- [Problem description]: Pictures aside, quote the whole listing exactly.

- [Given records]:
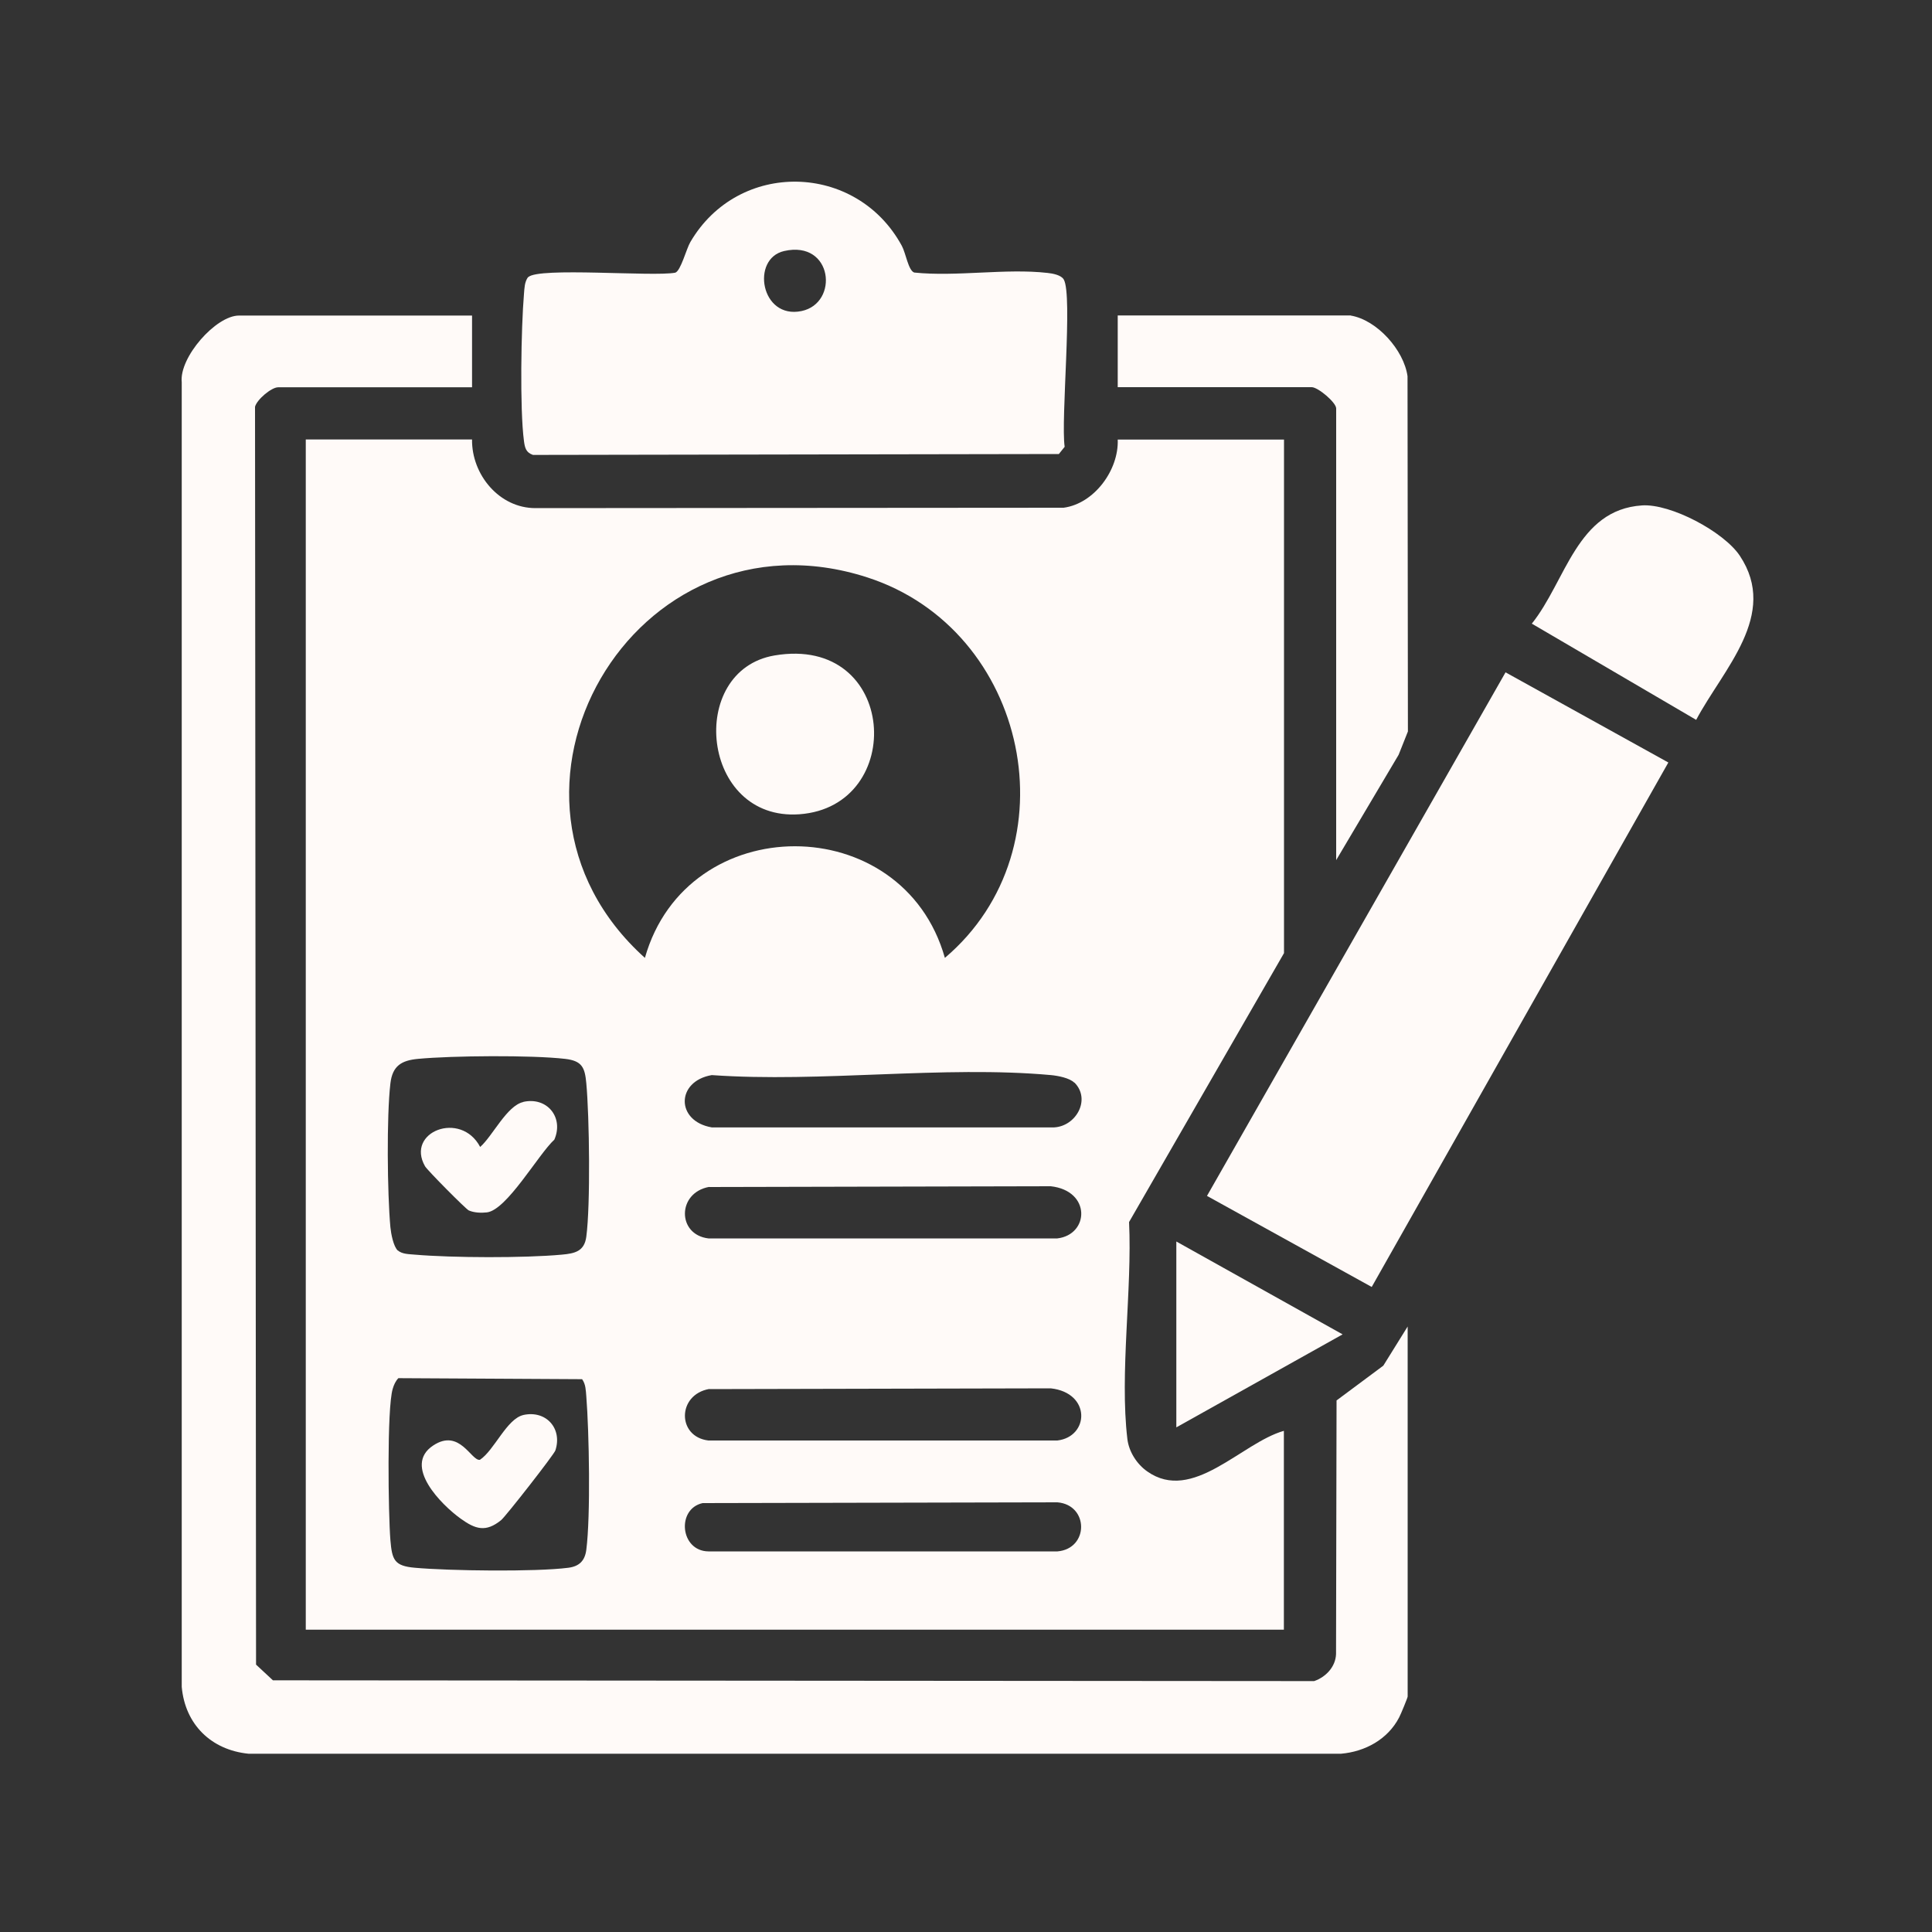 <?xml version="1.0" encoding="UTF-8"?>
<svg id="Layer_1" data-name="Layer 1" xmlns="http://www.w3.org/2000/svg" viewBox="0 0 150 150">
  <rect x="0" y="0" width="150" height="150" fill="#333333" stroke="none"/>
  <defs>
    <style>
      .cls-1 {
        fill: #fffaf8;
      }
    </style>
  </defs>
  <path class="cls-1" d="M36.65,34.12c-.04,2.72,2.11,5.34,4.93,5.33l41-.03c2.38-.32,4.29-2.93,4.2-5.29h12.91v39.87l-12.03,20.88c.25,5.23-.74,11.74-.13,16.85.12.99.74,1.95,1.54,2.51,3.53,2.49,7.31-2.22,10.61-3.15v15.44H23.74V34.12h12.91ZM73.36,74.37c10.08-8.55,6.5-25.49-6.02-29.54-18.16-5.87-31.28,16.94-17.27,29.54,3.27-11.56,20.03-11.55,23.29,0ZM30.89,97.08c.32.3.9.29,1.32.33,2.91.25,8.51.27,11.41,0,1.02-.09,1.75-.26,1.9-1.39.33-2.48.24-9.32,0-11.92-.11-1.22-.33-1.74-1.65-1.89-2.59-.3-8.76-.25-11.41,0-1.28.12-1.99.53-2.15,1.91-.3,2.55-.24,8.54,0,11.16.05.5.23,1.49.58,1.82ZM83.41,84.06c-.37-.37-1.28-.54-1.81-.59-8.36-.76-17.86.6-26.34,0-2.79.48-2.8,3.58,0,4.06h26.59c1.71-.1,2.86-2.18,1.57-3.48ZM55.06,92.15c-2.5.45-2.5,3.71-.06,4h27.09c2.48-.29,2.64-3.7-.51-4.05l-26.52.06ZM45.2,107.08l-14.27-.08c-.22.23-.35.52-.44.83-.46,1.52-.34,9.77-.18,11.74.13,1.54.3,2.01,1.9,2.15,2.67.24,9.35.33,11.92,0,.84-.11,1.28-.54,1.39-1.39.34-2.64.22-9.15,0-11.92-.04-.46-.04-.93-.32-1.32ZM55.06,107.84c-2.5.45-2.5,3.71-.06,4h27.09c2.48-.29,2.64-3.7-.51-4.05l-26.52.06ZM54.55,116.7c-2.04.45-1.75,3.72.45,3.75h27.1c2.45-.21,2.45-3.6,0-3.81l-27.54.06Z"/>
  <path class="cls-1" d="M36.65,24.5v5.57h-15.06c-.51,0-1.64.94-1.79,1.51l.08,97.66,1.31,1.22,80.84.06c.9-.31,1.66-1.1,1.7-2.09l.04-19.7,3.63-2.7,1.89-3.04v28.73c0,.09-.54,1.4-.66,1.62-.88,1.7-2.64,2.66-4.52,2.82H19.3c-2.91-.29-4.93-2.28-5.19-5.19V29.68c-.21-1.93,2.65-5.18,4.44-5.18h18.1Z"/>
  <polygon class="cls-1" points="129.53 59.2 106.5 99.92 93.71 92.85 116.89 52.2 129.53 59.2"/>
  <path class="cls-1" d="M41.01,21.52c.8-.8,9.7-.02,11.42-.35.43-.15.86-1.86,1.17-2.38,3.74-6.4,12.9-6.19,16.42.3.31.57.5,1.91.96,2.07,3.29.34,7.12-.34,10.35.03.39.04,1.06.16,1.26.51.71,1.21-.24,10.89.07,12.99l-.45.56-40.83.07c-.55-.19-.63-.56-.7-1.08-.33-2.47-.22-8.82,0-11.41.04-.46.04-.93.32-1.32ZM60.88,19.49c-2.6.59-1.82,5.32,1.35,4.66,2.93-.61,2.44-5.52-1.35-4.66Z"/>
  <path class="cls-1" d="M104.87,24.5c2.04.34,4.13,2.68,4.41,4.71l.03,27.58-.72,1.81-4.85,8.18V31.71c0-.46-1.41-1.65-1.9-1.65h-15.06v-5.57h18.1Z"/>
  <path class="cls-1" d="M127.48,39.24c2.24-.15,6.36,2.05,7.6,3.91,3.05,4.59-1.3,8.8-3.39,12.74l-12.76-7.47c2.65-3.3,3.49-8.85,8.56-9.18Z"/>
  <polygon class="cls-1" points="91.33 96.39 104.24 103.6 91.33 110.82 91.33 96.39"/>
  <path class="cls-1" d="M60.13,50.89c9.58-1.63,10.3,11.73,1.93,12.33-7.64.54-8.77-11.16-1.93-12.33Z"/>
  <path class="cls-1" d="M40.63,85.55c1.84-.41,3.16,1.2,2.41,2.93-1.25,1.15-3.69,5.47-5.24,5.65-.45.05-.98.03-1.4-.15-.22-.09-3.23-3.13-3.4-3.43-1.53-2.68,2.78-4.35,4.28-1.5.97-.85,2.07-3.21,3.35-3.49Z"/>
  <path class="cls-1" d="M40.63,109.86c1.76-.39,3.05,1.04,2.49,2.75-.11.33-3.84,5.1-4.21,5.41-1.19.97-2,.71-3.14-.11-1.48-1.06-4.53-4.1-2.14-5.68,2.06-1.37,2.96,1.22,3.63,1.11,1.13-.75,2.08-3.19,3.38-3.48Z"/>
</svg>

- [Solution to the exercise]:
 <?xml version="1.0" encoding="UTF-8"?>
<svg id="Layer_1" data-name="Layer 1" xmlns="http://www.w3.org/2000/svg" viewBox="0 0 150 150">
  <rect x="0" y="0" width="150" height="150" fill="#333333" stroke="none"/>
  <defs>
    <style>
      .cls-1 {
        fill: #fffaf8;
      }
    </style>
  </defs>
  <path class="cls-1" d="M36.65,34.12c-.04,2.72,2.11,5.34,4.93,5.33l41-.03c2.38-.32,4.29-2.93,4.2-5.29h12.91v39.87l-12.03,20.88c.25,5.23-.74,11.74-.13,16.85.12.99.74,1.95,1.54,2.51,3.53,2.49,7.31-2.22,10.61-3.15v15.44H23.74V34.12h12.91ZM73.36,74.37c10.08-8.55,6.5-25.49-6.02-29.54-18.16-5.87-31.28,16.94-17.27,29.54,3.27-11.56,20.03-11.55,23.29,0ZM30.89,97.08c.32.3.9.29,1.32.33,2.91.25,8.51.27,11.41,0,1.02-.09,1.75-.26,1.9-1.39.33-2.48.24-9.32,0-11.92-.11-1.22-.33-1.74-1.65-1.89-2.59-.3-8.76-.25-11.41,0-1.28.12-1.99.53-2.15,1.91-.3,2.55-.24,8.54,0,11.16.05.5.23,1.49.58,1.82ZM83.41,84.06c-.37-.37-1.28-.54-1.81-.59-8.36-.76-17.86.6-26.34,0-2.79.48-2.8,3.58,0,4.06h26.59c1.71-.1,2.86-2.18,1.57-3.48ZM55.06,92.15c-2.5.45-2.5,3.71-.06,4h27.09c2.48-.29,2.64-3.7-.51-4.05l-26.52.06ZM45.2,107.08l-14.27-.08c-.22.23-.35.52-.44.83-.46,1.52-.34,9.77-.18,11.74.13,1.54.3,2.01,1.9,2.15,2.67.24,9.35.33,11.92,0,.84-.11,1.28-.54,1.39-1.39.34-2.64.22-9.15,0-11.92-.04-.46-.04-.93-.32-1.32ZM55.06,107.84c-2.5.45-2.5,3.71-.06,4h27.09c2.48-.29,2.64-3.7-.51-4.05l-26.52.06ZM54.55,116.7c-2.04.45-1.75,3.72.45,3.75h27.1c2.45-.21,2.45-3.6,0-3.81l-27.54.06Z"/>
  <path class="cls-1" d="M36.65,24.5v5.57h-15.06c-.51,0-1.64.94-1.79,1.51l.08,97.66,1.31,1.22,80.84.06c.9-.31,1.66-1.1,1.7-2.09l.04-19.7,3.63-2.7,1.89-3.04v28.73c0,.09-.54,1.4-.66,1.62-.88,1.7-2.64,2.66-4.52,2.82H19.3c-2.91-.29-4.93-2.28-5.19-5.19V29.68c-.21-1.93,2.65-5.18,4.44-5.18h18.1Z"/>
  <polygon class="cls-1" points="129.53 59.2 106.5 99.92 93.71 92.85 116.89 52.2 129.53 59.2"/>
  <path class="cls-1" d="M41.01,21.52c.8-.8,9.7-.02,11.42-.35.43-.15.86-1.86,1.17-2.38,3.74-6.4,12.9-6.19,16.42.3.31.57.5,1.91.96,2.07,3.29.34,7.12-.34,10.35.03.39.04,1.06.16,1.26.51.71,1.21-.24,10.89.07,12.99l-.45.56-40.83.07c-.55-.19-.63-.56-.7-1.08-.33-2.47-.22-8.82,0-11.41.04-.46.04-.93.32-1.32ZM60.88,19.49c-2.6.59-1.82,5.32,1.35,4.66,2.93-.61,2.44-5.52-1.35-4.66Z"/>
  <path class="cls-1" d="M104.87,24.5c2.04.34,4.13,2.68,4.41,4.71l.03,27.58-.72,1.81-4.85,8.18V31.71c0-.46-1.41-1.65-1.9-1.65h-15.06v-5.57h18.1Z"/>
  <path class="cls-1" d="M127.48,39.24c2.24-.15,6.36,2.05,7.6,3.91,3.05,4.59-1.3,8.8-3.39,12.74l-12.76-7.47c2.65-3.3,3.49-8.85,8.56-9.18Z"/>
  <polygon class="cls-1" points="91.33 96.39 104.24 103.6 91.33 110.82 91.33 96.39"/>
  <path class="cls-1" d="M60.13,50.89c9.58-1.63,10.3,11.73,1.93,12.33-7.64.54-8.77-11.16-1.93-12.33Z"/>
  <path class="cls-1" d="M40.63,85.55c1.84-.41,3.16,1.2,2.41,2.93-1.25,1.15-3.69,5.47-5.24,5.65-.45.05-.98.03-1.4-.15-.22-.09-3.23-3.13-3.4-3.43-1.53-2.68,2.78-4.35,4.28-1.5.97-.85,2.07-3.21,3.35-3.49Z"/>
  <path class="cls-1" d="M40.63,109.86c1.76-.39,3.05,1.04,2.49,2.75-.11.33-3.84,5.1-4.21,5.41-1.19.97-2,.71-3.14-.11-1.48-1.06-4.53-4.1-2.14-5.68,2.06-1.37,2.96,1.22,3.63,1.11,1.13-.75,2.08-3.19,3.38-3.48Z"/>
</svg>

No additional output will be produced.